Hazırlayan: Orhan Kartal (Fotoğrafçı)
Çağrıştı zihnimde birden Cumalı Usta;
Tadı buruk çekemiyorum,
Bir nefes, bir nefes daha derken,
Aklıma geldi yaprak toplayan eller,
Tarlada eğilmiş gün boyu bedenler…
Batman’da tütün üretimini bırakan çiftçi, şehirlere göç etmek zorunda kaldı. Şehre göç etmek zorunda kalan çiftçi aileler, yapacak başka bir iş bulamadı. Tütünün zahmeti çok, kazancı azdır. Bu mesleği dedelerinden öğrenenlerin, yapabileceği başka bir meslek de yoktu. Pek çok kişinin hayatında ve geçmişinde tütünün izi ve hatırası kalmıştır. Dağ, bayır, ova, yayla, neredeyse her arazide tütün ekilir, çapalanır, kırılır, dizilir ve kurutulurdu.
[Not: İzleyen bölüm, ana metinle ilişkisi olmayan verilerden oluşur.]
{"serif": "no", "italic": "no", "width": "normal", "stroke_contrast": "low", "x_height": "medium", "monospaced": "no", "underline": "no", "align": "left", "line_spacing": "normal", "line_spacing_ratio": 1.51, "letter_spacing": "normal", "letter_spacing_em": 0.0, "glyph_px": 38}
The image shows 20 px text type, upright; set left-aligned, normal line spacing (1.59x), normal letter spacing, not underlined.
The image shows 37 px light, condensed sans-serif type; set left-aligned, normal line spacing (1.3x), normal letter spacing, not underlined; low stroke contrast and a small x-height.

Onun getirisiyle pek çok aile, geçimini sağlar, çocuklarını okutur, tarla ve dükkân alır, düğün yapar, hayatlarını sürdürürdü. Tütün, diğer tarım ürünlerine benzemezdi. Meşakkatliydi… Neredeyse yılın 8–9 ayı uğraşmak gerekirdi. Ocak sonu, şubat başı gibi evin bahçesinde fidelik yapılır, bir müddet sonra çıkmaya başlayan tohumlar dikime hazırlanırdı.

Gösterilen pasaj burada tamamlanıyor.